____ MATERIAL FOR THIS EXERCISE
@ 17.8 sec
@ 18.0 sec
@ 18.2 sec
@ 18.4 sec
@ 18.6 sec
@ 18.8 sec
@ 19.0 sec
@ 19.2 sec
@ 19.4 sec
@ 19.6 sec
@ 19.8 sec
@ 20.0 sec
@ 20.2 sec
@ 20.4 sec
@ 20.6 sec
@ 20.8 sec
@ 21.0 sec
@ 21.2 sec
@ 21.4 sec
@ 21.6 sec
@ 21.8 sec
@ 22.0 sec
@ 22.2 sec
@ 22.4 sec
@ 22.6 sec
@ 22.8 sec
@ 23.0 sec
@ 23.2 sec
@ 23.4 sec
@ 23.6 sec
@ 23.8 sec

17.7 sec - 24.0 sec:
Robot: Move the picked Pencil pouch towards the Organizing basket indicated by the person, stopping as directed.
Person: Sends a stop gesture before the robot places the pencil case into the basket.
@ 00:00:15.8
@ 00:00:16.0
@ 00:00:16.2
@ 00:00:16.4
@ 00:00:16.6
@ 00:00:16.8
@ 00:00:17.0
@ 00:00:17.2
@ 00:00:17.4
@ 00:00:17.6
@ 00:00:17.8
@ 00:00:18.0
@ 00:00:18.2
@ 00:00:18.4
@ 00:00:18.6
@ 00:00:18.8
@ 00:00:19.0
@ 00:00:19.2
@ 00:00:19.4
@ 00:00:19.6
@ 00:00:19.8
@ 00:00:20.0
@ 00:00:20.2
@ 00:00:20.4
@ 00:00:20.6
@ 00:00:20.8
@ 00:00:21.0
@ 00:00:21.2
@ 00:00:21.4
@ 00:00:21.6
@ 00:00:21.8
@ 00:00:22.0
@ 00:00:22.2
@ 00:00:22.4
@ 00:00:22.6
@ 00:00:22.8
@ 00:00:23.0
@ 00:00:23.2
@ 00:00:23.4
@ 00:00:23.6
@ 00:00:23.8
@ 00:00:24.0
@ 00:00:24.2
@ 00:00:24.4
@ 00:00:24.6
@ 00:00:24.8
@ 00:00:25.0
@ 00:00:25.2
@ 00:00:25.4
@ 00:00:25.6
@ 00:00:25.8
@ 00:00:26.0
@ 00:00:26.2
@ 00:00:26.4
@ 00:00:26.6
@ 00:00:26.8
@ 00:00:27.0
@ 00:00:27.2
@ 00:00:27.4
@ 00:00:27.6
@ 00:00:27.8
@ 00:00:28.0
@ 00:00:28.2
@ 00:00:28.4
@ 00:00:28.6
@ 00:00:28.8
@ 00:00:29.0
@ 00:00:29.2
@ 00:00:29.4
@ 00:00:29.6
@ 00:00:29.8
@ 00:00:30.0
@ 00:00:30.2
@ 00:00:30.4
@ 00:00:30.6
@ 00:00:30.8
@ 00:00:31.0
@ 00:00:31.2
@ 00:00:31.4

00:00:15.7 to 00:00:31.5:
________
• **ASSIGNMENT**: Once you have read the records, write every one of them out again exactly.

• **YOUR SOLUTION**:
@ 17.8 sec
@ 18.0 sec
@ 18.2 sec
@ 18.4 sec
@ 18.6 sec
@ 18.8 sec
@ 19.0 sec
@ 19.2 sec
@ 19.4 sec
@ 19.6 sec
@ 19.8 sec
@ 20.0 sec
@ 20.2 sec
@ 20.4 sec
@ 20.6 sec
@ 20.8 sec
@ 21.0 sec
@ 21.2 sec
@ 21.4 sec
@ 21.6 sec
@ 21.8 sec
@ 22.0 sec
@ 22.2 sec
@ 22.4 sec
@ 22.6 sec
@ 22.8 sec
@ 23.0 sec
@ 23.2 sec
@ 23.4 sec
@ 23.6 sec
@ 23.8 sec

17.7 sec - 24.0 sec:
Robot: Move the picked Pencil pouch towards the Organizing basket indicated by the person, stopping as directed.
Person: Sends a stop gesture before the robot places the pencil case into the basket.
@ 00:00:15.8
@ 00:00:16.0
@ 00:00:16.2
@ 00:00:16.4
@ 00:00:16.6
@ 00:00:16.8
@ 00:00:17.0
@ 00:00:17.2
@ 00:00:17.4
@ 00:00:17.6
@ 00:00:17.8
@ 00:00:18.0
@ 00:00:18.2
@ 00:00:18.4
@ 00:00:18.6
@ 00:00:18.8
@ 00:00:19.0
@ 00:00:19.2
@ 00:00:19.4
@ 00:00:19.6
@ 00:00:19.8
@ 00:00:20.0
@ 00:00:20.2
@ 00:00:20.4
@ 00:00:20.6
@ 00:00:20.8
@ 00:00:21.0
@ 00:00:21.2
@ 00:00:21.4
@ 00:00:21.6
@ 00:00:21.8
@ 00:00:22.0
@ 00:00:22.2
@ 00:00:22.4
@ 00:00:22.6
@ 00:00:22.8
@ 00:00:23.0
@ 00:00:23.2
@ 00:00:23.4
@ 00:00:23.6
@ 00:00:23.8
@ 00:00:24.0
@ 00:00:24.2
@ 00:00:24.4
@ 00:00:24.6
@ 00:00:24.8
@ 00:00:25.0
@ 00:00:25.2
@ 00:00:25.4
@ 00:00:25.6
@ 00:00:25.8
@ 00:00:26.0
@ 00:00:26.2
@ 00:00:26.4
@ 00:00:26.6
@ 00:00:26.8
@ 00:00:27.0
@ 00:00:27.2
@ 00:00:27.4
@ 00:00:27.6
@ 00:00:27.8
@ 00:00:28.0
@ 00:00:28.2
@ 00:00:28.4
@ 00:00:28.6
@ 00:00:28.8
@ 00:00:29.0
@ 00:00:29.2
@ 00:00:29.4
@ 00:00:29.6
@ 00:00:29.8
@ 00:00:30.0
@ 00:00:30.2
@ 00:00:30.4
@ 00:00:30.6
@ 00:00:30.8
@ 00:00:31.0
@ 00:00:31.2
@ 00:00:31.4

00:00:15.7 to 00:00:31.5:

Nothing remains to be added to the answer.